Decision Tree Regression:
Mean Squared Error: 0.1947424818046452
R-squared: 0.9824231021101876


In [12]:
# 3. Random Forest Regression
forest_reg = RandomForestRegressor(random_state=42, n_estimators=100) # Increased n_estimators
forest_reg.fit(X_train, y_train)
y_pred_forest = forest_reg.predict(X_test)

# Before calculating the error, handle NaN values in y_test
y_test_no_nan = y_test.dropna()  # Remove rows with NaN in y_test
y_pred_forest_no_nan = y_pred_forest[y_test.notna()]  # Keep predictions corresponding to non-NaN y_test values

# Calculate MSE and R-squared using non-NaN values
mse_forest = mean_squared_error(y_test_no_nan, y_pred_forest_no_nan)
r2_forest = r2_score(y_test_no_nan, y_pred_forest_no_nan)

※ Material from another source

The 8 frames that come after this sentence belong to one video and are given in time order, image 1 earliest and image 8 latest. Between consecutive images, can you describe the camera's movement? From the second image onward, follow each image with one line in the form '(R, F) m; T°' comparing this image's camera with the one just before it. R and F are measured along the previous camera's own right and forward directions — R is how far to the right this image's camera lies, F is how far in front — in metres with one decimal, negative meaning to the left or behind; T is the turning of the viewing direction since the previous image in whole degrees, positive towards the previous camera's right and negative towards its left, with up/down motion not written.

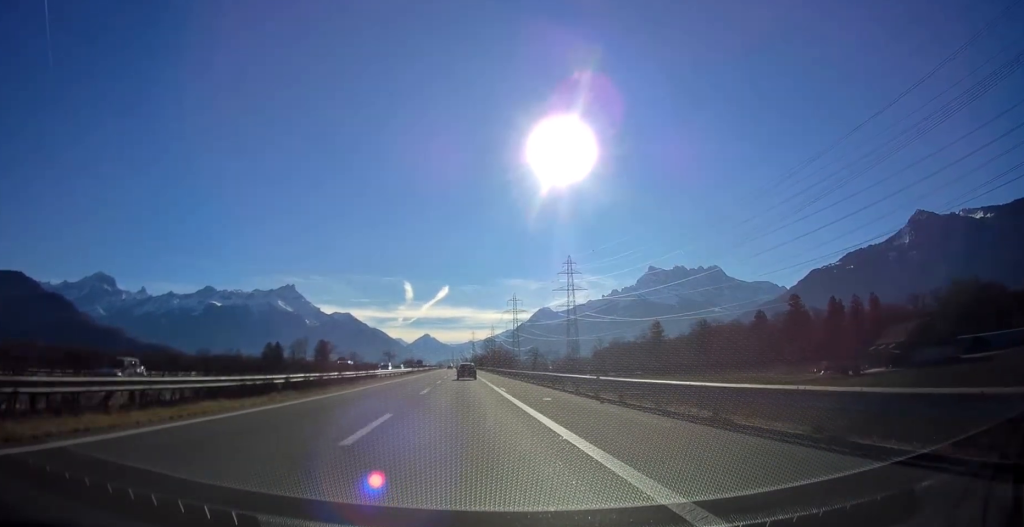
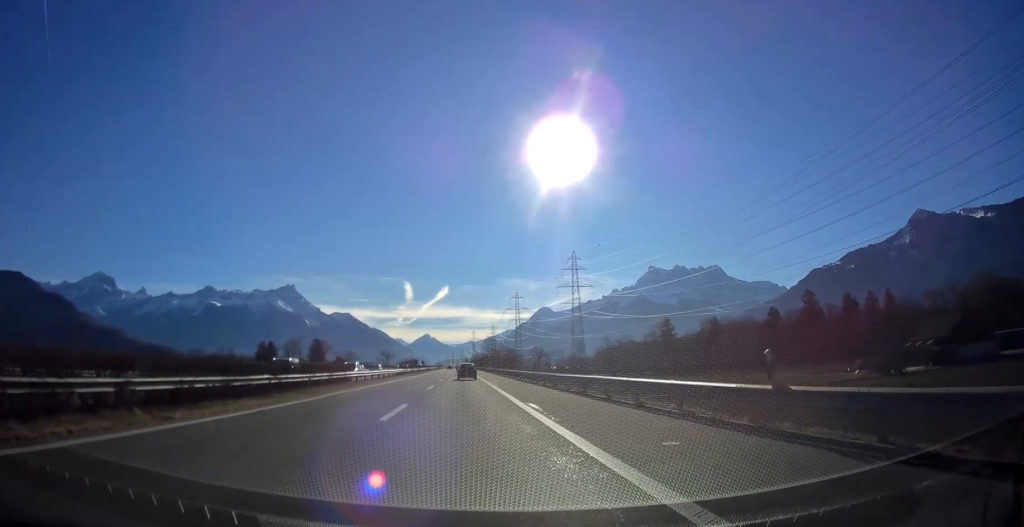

print("\nRandom Forest Regression:")
print(f"Mean Squared Error: {mse_forest}")
print(f"R-squared: {r2_forest}")


Random Forest Regression:
Mean Squared Error: 0.13207860810754396
R-squared: 0.9880789636312446


I feel the Linear Regression model is the best model to use based on the lower Mean Squared Error.